Calderon is seeking U.S. military
aid under the provisions of the Merida Initiative, a multiyear
$1.4 billion anti-narcotics package proposed by President Bush.
Click on or
Google:
Merida Initiative Will It Work?
In recent months, and after Mexican
president Caldron dispatched the Mexican army and federal police
to many interior cities and to Mexican cities on the Mexican
U.S. border the level of violence has risen substantially, with
some of it spilling into the United States. According
to Jayson Ahern, the deputy commissioner of Customs and Border
Protection.
"It's almost like a military fight," Ahern said.
"I don't think that generally the American public has any sense
of the level of violence that occurs on the border."
As the cartels fight for territory, this carnage spills over to
the U.S., Ahern said -- from bullet-ridden people stumbling into
U.S. territory, to rounds of ammunition coming across U.S. entry
ports.
At least
Three Mexican border city
police chiefs barely escaping with their lives have requested
political asylum in the U.S. as violence
escalates on the U.S. Mexican border where the Mexican drug wars
are spilling across the U.S. border, a top Homeland Security
official told The Associated Press.
In the past few months, the police officials have shown up at
the U.S. border, fearing for their lives, according to Ahern.
They're
basically abandoned by their police officers or police
departments in many cases," Ahern told AP.

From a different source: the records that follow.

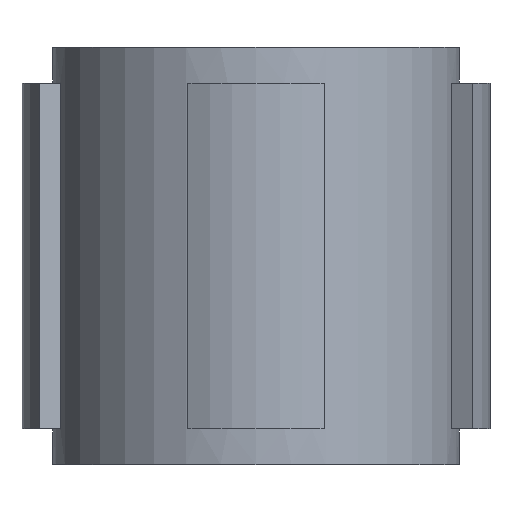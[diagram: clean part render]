
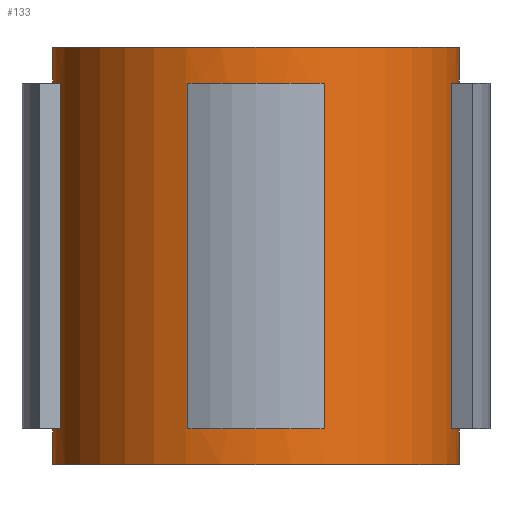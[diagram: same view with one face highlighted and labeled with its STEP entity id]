
A CAD part, front view. The second image highlights one B-rep face of the part: STEP entity #133.
In plain terms, the highlighted cylindrical face has radius 20 mm (diameter 40 mm), a partial arc.
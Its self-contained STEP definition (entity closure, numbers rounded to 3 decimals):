
#133=ADVANCED_FACE('',(#273,#274),#275,.T.);
#273=FACE_OUTER_BOUND('',#413,.T.);
#274=FACE_BOUND('',#414,.T.);
#275=CYLINDRICAL_SURFACE('',#415,20.0);
#413=EDGE_LOOP('',(#735,#736,#737,#738,#739,#740,#741,#742,#743,#744,#745,#746));
#414=EDGE_LOOP('',(#747,#748,#749,#750));
#415=AXIS2_PLACEMENT_3D('',#751,#752,#753);
#735=ORIENTED_EDGE('',*,*,#834,.T.);
#736=ORIENTED_EDGE('',*,*,#923,.F.);
#737=ORIENTED_EDGE('',*,*,#951,.T.);
#738=ORIENTED_EDGE('',*,*,#906,.F.);
#739=ORIENTED_EDGE('',*,*,#842,.T.);
#740=ORIENTED_EDGE('',*,*,#890,.T.);
#741=ORIENTED_EDGE('',*,*,#840,.T.);
#742=ORIENTED_EDGE('',*,*,#897,.F.);
#743=ORIENTED_EDGE('',*,*,#949,.F.);
#744=ORIENTED_EDGE('',*,*,#932,.F.);
#745=ORIENTED_EDGE('',*,*,#836,.T.);
#746=ORIENTED_EDGE('',*,*,#921,.T.);
#747=ORIENTED_EDGE('',*,*,#892,.F.);
#748=ORIENTED_EDGE('',*,*,#952,.F.);
#749=ORIENTED_EDGE('',*,*,#937,.F.);
#750=ORIENTED_EDGE('',*,*,#953,.T.);
#751=CARTESIAN_POINT('',(0.0,0.,-17.0));
#752=DIRECTION('',(0.0,0.,-1.0));
#753=DIRECTION('',(1.0,0.0,0.0));
#834=EDGE_CURVE('',#993,#994,#995,.T.);
#836=EDGE_CURVE('',#998,#996,#999,.T.);
#840=EDGE_CURVE('',#1006,#1004,#1007,.T.);
#842=EDGE_CURVE('',#1010,#1008,#1011,.T.);
#890=EDGE_CURVE('',#1008,#1006,#1083,.T.);
#892=EDGE_CURVE('',#1085,#1086,#1087,.T.);
#897=EDGE_CURVE('',#1094,#1004,#1095,.T.);
#906=EDGE_CURVE('',#1010,#1107,#1108,.T.);
#921=EDGE_CURVE('',#996,#993,#1126,.T.);
#923=EDGE_CURVE('',#1128,#994,#1129,.T.);
#932=EDGE_CURVE('',#998,#1141,#1142,.T.);
#937=EDGE_CURVE('',#1148,#1149,#1150,.T.);
#949=EDGE_CURVE('',#1141,#1094,#1164,.T.);
#951=EDGE_CURVE('',#1128,#1107,#1166,.T.);
#952=EDGE_CURVE('',#1149,#1085,#1167,.T.);
#953=EDGE_CURVE('',#1148,#1086,#1168,.T.);
#993=VERTEX_POINT('',#1214);
#994=VERTEX_POINT('',#1215);
#995=LINE('',#1216,#1217);
#996=VERTEX_POINT('',#1218);
#998=VERTEX_POINT('',#1220);
#999=LINE('',#1221,#1222);
#1004=VERTEX_POINT('',#1228);
#1006=VERTEX_POINT('',#1230);
#1007=LINE('',#1231,#1232);
#1008=VERTEX_POINT('',#1233);
#1010=VERTEX_POINT('',#1235);
#1011=LINE('',#1236,#1237);
#1083=CIRCLE('',#1324,20.0);
#1085=VERTEX_POINT('',#1326);
#1086=VERTEX_POINT('',#1327);
#1087=CIRCLE('',#1328,20.0);
#1094=VERTEX_POINT('',#1337);
#1095=CIRCLE('',#1338,20.0);
#1107=VERTEX_POINT('',#1354);
#1108=CIRCLE('',#1355,20.0);
#1126=CIRCLE('',#1375,20.0);
#1128=VERTEX_POINT('',#1377);
#1129=CIRCLE('',#1378,20.0);
#1141=VERTEX_POINT('',#1394);
#1142=CIRCLE('',#1395,20.0);
#1148=VERTEX_POINT('',#1403);
#1149=VERTEX_POINT('',#1404);
#1150=CIRCLE('',#1405,20.0);
#1164=LINE('',#1424,#1425);
#1166=LINE('',#1427,#1428);
#1167=LINE('',#1429,#1430);
#1168=LINE('',#1431,#1432);
#1214=CARTESIAN_POINT('',(20.0,0.,-20.5));
#1215=CARTESIAN_POINT('',(20.0,0.,-17.0));
#1216=CARTESIAN_POINT('',(20.0,0.,-17.0));
#1217=VECTOR('',#1472,1.0);
#1218=CARTESIAN_POINT('',(-20.0,0.,-20.5));
#1220=CARTESIAN_POINT('',(-20.0,0.,-17.0));
#1221=CARTESIAN_POINT('',(-20.0,0.,-17.0));
#1222=VECTOR('',#1476,1.0);
#1228=CARTESIAN_POINT('',(-20.0,0.,17.0));
#1230=CARTESIAN_POINT('',(-20.0,0.,20.5));
#1231=CARTESIAN_POINT('',(-20.0,0.,-17.0));
#1232=VECTOR('',#1484,1.0);
#1233=CARTESIAN_POINT('',(20.0,0.,20.5));
#1235=CARTESIAN_POINT('',(20.0,0.,17.0));
#1236=CARTESIAN_POINT('',(20.0,0.,-17.0));
#1237=VECTOR('',#1488,1.0);
#1324=AXIS2_PLACEMENT_3D('',#1564,#1565,#1566);
#1326=CARTESIAN_POINT('',(5.498,-19.229,17.0));
#1327=CARTESIAN_POINT('',(-5.498,-19.229,17.0));
#1328=AXIS2_PLACEMENT_3D('',#1567,#1568,#1569);
#1337=CARTESIAN_POINT('',(-19.229,-5.498,17.0));
#1338=AXIS2_PLACEMENT_3D('',#1575,#1576,#1577);
#1354=CARTESIAN_POINT('',(19.229,-5.498,17.0));
#1355=AXIS2_PLACEMENT_3D('',#1588,#1589,#1590);
#1375=AXIS2_PLACEMENT_3D('',#1614,#1615,#1616);
#1377=CARTESIAN_POINT('',(19.229,-5.498,-17.0));
#1378=AXIS2_PLACEMENT_3D('',#1617,#1618,#1619);
#1394=CARTESIAN_POINT('',(-19.229,-5.498,-17.0));
#1395=AXIS2_PLACEMENT_3D('',#1630,#1631,#1632);
#1403=CARTESIAN_POINT('',(-5.498,-19.229,-17.0));
#1404=CARTESIAN_POINT('',(5.498,-19.229,-17.0));
#1405=AXIS2_PLACEMENT_3D('',#1638,#1639,#1640);
#1424=CARTESIAN_POINT('',(-19.229,-5.498,-17.0));
#1425=VECTOR('',#1649,34.0);
#1427=CARTESIAN_POINT('',(19.229,-5.498,-17.0));
#1428=VECTOR('',#1650,34.0);
#1429=CARTESIAN_POINT('',(5.498,-19.229,-17.0));
#1430=VECTOR('',#1651,34.0);
#1431=CARTESIAN_POINT('',(-5.498,-19.229,-17.0));
#1432=VECTOR('',#1652,34.0);
#1472=DIRECTION('',(-0.0,0.,1.0));
#1476=DIRECTION('',(0.0,0.,-1.0));
#1484=DIRECTION('',(0.0,0.,-1.0));
#1488=DIRECTION('',(-0.0,0.,1.0));
#1564=CARTESIAN_POINT('',(0.0,0.,20.5));
#1565=DIRECTION('',(-0.0,0.,-1.0));
#1566=DIRECTION('',(-1.0,0.0,0.0));
#1567=CARTESIAN_POINT('',(0.0,0.,17.0));
#1568=DIRECTION('',(-0.0,0.,-1.0));
#1569=DIRECTION('',(-1.0,0.0,0.0));
#1575=CARTESIAN_POINT('',(0.0,0.,17.0));
#1576=DIRECTION('',(-0.0,0.,-1.0));
#1577=DIRECTION('',(-1.0,0.0,0.0));
#1588=CARTESIAN_POINT('',(0.0,0.,17.0));
#1589=DIRECTION('',(-0.0,0.,-1.0));
#1590=DIRECTION('',(-1.0,0.0,0.0));
#1614=CARTESIAN_POINT('',(0.0,0.,-20.5));
#1615=DIRECTION('',(0.0,0.,1.0));
#1616=DIRECTION('',(-1.0,0.0,0.0));
#1617=CARTESIAN_POINT('',(0.0,0.,-17.0));
#1618=DIRECTION('',(0.0,0.,1.0));
#1619=DIRECTION('',(-1.0,0.0,0.0));
#1630=CARTESIAN_POINT('',(0.0,0.,-17.0));
#1631=DIRECTION('',(0.0,0.,1.0));
#1632=DIRECTION('',(-1.0,0.0,0.0));
#1638=CARTESIAN_POINT('',(0.0,0.,-17.0));
#1639=DIRECTION('',(0.0,0.,1.0));
#1640=DIRECTION('',(-1.0,0.0,0.0));
#1649=DIRECTION('',(0.0,0.,1.0));
#1650=DIRECTION('',(0.0,0.,1.0));
#1651=DIRECTION('',(0.0,0.,1.0));
#1652=DIRECTION('',(0.0,0.,1.0));
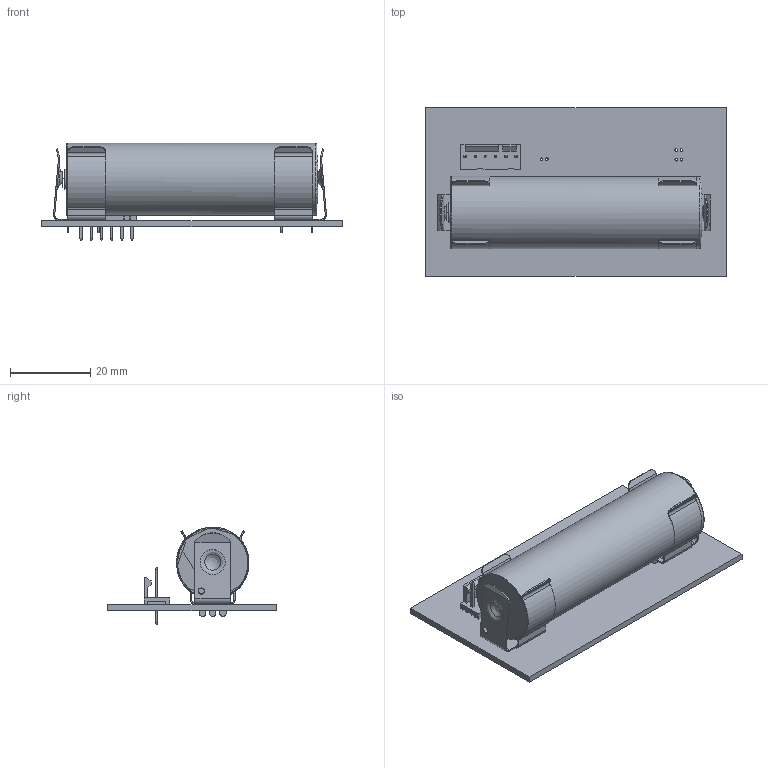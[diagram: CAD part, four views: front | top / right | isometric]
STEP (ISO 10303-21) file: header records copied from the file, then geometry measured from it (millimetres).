
FILE_DESCRIPTION(('KiCad electronic assembly'),'2;1');
FILE_NAME('ModuleBattery18650.step','2022-08-24T17:34:15',('Pcbnew'),( 'Kicad'),'Open CASCADE STEP processor 7.6','KiCad to STEP converter' ,'Unknown');
FILE_SCHEMA(('AUTOMOTIVE_DESIGN { 1 0 10303 214 1 1 1 1 }'));
Length unit declared in the file: millimetre
Products named in the file (8): ModuleBattery18650 1; 022232061; COMPOUND; Keystone_-_54; SOLID; Battery18650_18x69; ModuleBattery18650 PCB
Assembly tree (8 placements, depth 3):
  ModuleBattery18650 1
    022232061
      COMPOUND
    Keystone_-_54  x2
      SOLID
    Battery18650_18x69
      SOLID
    ModuleBattery18650 PCB
Bounding box: 75 x 42 x 24.39 mm (x, y, z)
Volume: 21668.4 mm3; surface area: 14158.4 mm2
Topology: 5 solids, 5 shells, 391 faces, 1055 edges, 706 vertices
Faces by surface type: bspline 358, cylinder 21, plane 12
Full cylindrical faces by diameter (mm): 0.65 x6, 1 x6, 1.905 x3
Entity records: 19673 total; most frequent: CARTESIAN_POINT 8002, B_SPLINE_CURVE_WITH_KNOTS 1863, ORIENTED_EDGE 1572, PCURVE 1572, DEFINITIONAL_REPRESENTATION 1572, EDGE_CURVE 786, SURFACE_CURVE 762, VERTEX_POINT 510

Ahern said the Mexican officials -- whom he didn't name -- are
being interviewed and their cases are under review for possible
asylum.
U.S. humvees retrofitted with steel mesh over the glass windows
patrol parts of the border to protect U.S. Border Patrol agents
against guns shots and large rocks regularly thrown at them. At
times agents are pinned down by sniper fire as drug and human
smugglers try to illegally cross into the U.S.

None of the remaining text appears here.